- _Exercise_: What you produce should be every line from the data that includes "begin".

** Opening Task material block **

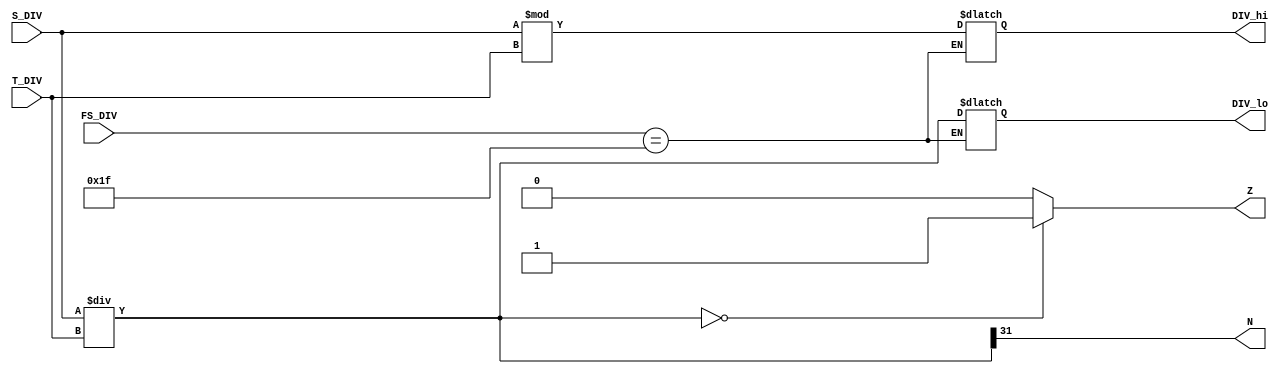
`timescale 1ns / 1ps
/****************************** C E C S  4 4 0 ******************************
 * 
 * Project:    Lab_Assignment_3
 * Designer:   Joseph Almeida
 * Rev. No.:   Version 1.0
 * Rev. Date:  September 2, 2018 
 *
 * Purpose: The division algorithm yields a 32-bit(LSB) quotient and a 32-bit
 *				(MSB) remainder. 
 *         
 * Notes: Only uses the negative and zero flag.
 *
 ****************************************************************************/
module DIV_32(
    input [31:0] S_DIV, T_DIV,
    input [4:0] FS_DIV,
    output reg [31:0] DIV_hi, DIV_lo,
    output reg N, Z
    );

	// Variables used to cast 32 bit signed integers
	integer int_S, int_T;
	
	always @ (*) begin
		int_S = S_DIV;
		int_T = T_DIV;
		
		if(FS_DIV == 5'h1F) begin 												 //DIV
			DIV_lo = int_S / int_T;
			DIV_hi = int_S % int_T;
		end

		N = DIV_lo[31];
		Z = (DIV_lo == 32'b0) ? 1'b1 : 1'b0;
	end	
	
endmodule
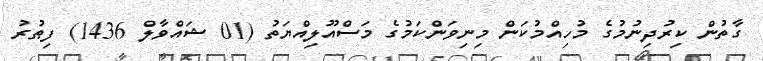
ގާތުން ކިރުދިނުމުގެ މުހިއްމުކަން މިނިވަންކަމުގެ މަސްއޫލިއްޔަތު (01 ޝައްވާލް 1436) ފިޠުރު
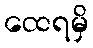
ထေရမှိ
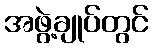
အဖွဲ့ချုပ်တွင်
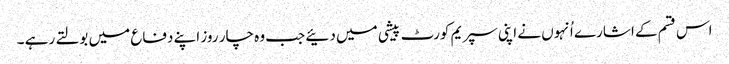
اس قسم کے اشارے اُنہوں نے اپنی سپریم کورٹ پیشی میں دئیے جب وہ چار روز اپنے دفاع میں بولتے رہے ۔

** Closing Task material block **
** Opening Task material block **

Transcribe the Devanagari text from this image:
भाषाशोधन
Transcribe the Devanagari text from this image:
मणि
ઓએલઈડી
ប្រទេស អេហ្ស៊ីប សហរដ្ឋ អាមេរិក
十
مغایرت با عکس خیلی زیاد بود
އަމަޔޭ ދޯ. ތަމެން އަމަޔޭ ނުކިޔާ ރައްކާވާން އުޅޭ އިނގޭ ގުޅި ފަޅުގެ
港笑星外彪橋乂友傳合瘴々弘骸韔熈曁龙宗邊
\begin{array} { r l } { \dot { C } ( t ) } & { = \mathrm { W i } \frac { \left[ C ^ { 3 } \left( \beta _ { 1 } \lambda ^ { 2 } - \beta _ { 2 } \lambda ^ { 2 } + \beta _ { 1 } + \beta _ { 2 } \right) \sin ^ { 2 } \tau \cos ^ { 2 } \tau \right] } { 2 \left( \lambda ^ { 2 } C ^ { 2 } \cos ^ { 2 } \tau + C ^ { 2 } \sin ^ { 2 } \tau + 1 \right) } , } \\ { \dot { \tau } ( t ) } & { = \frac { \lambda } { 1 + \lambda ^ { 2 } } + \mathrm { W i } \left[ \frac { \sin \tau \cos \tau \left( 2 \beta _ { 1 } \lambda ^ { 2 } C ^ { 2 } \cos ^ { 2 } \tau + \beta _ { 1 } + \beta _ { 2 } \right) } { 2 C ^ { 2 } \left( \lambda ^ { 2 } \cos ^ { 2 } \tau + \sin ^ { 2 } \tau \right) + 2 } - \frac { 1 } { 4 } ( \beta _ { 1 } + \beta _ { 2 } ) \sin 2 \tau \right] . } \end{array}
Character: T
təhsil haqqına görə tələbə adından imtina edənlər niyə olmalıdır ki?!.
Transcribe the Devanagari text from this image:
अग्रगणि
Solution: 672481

** Closing Task material block **

- _Written solution_:
	always @ (*) begin
		if(FS_DIV == 5'h1F) begin 												 //DIV
\begin{array} { r l } { \dot { C } ( t ) } & { = \mathrm { W i } \frac { \left[ C ^ { 3 } \left( \beta _ { 1 } \lambda ^ { 2 } - \beta _ { 2 } \lambda ^ { 2 } + \beta _ { 1 } + \beta _ { 2 } \right) \sin ^ { 2 } \tau \cos ^ { 2 } \tau \right] } { 2 \left( \lambda ^ { 2 } C ^ { 2 } \cos ^ { 2 } \tau + C ^ { 2 } \sin ^ { 2 } \tau + 1 \right) } , } \\ { \dot { \tau } ( t ) } & { = \frac { \lambda } { 1 + \lambda ^ { 2 } } + \mathrm { W i } \left[ \frac { \sin \tau \cos \tau \left( 2 \beta _ { 1 } \lambda ^ { 2 } C ^ { 2 } \cos ^ { 2 } \tau + \beta _ { 1 } + \beta _ { 2 } \right) } { 2 C ^ { 2 } \left( \lambda ^ { 2 } \cos ^ { 2 } \tau + \sin ^ { 2 } \tau \right) + 2 } - \frac { 1 } { 4 } ( \beta _ { 1 } + \beta _ { 2 } ) \sin 2 \tau \right] . } \end{array}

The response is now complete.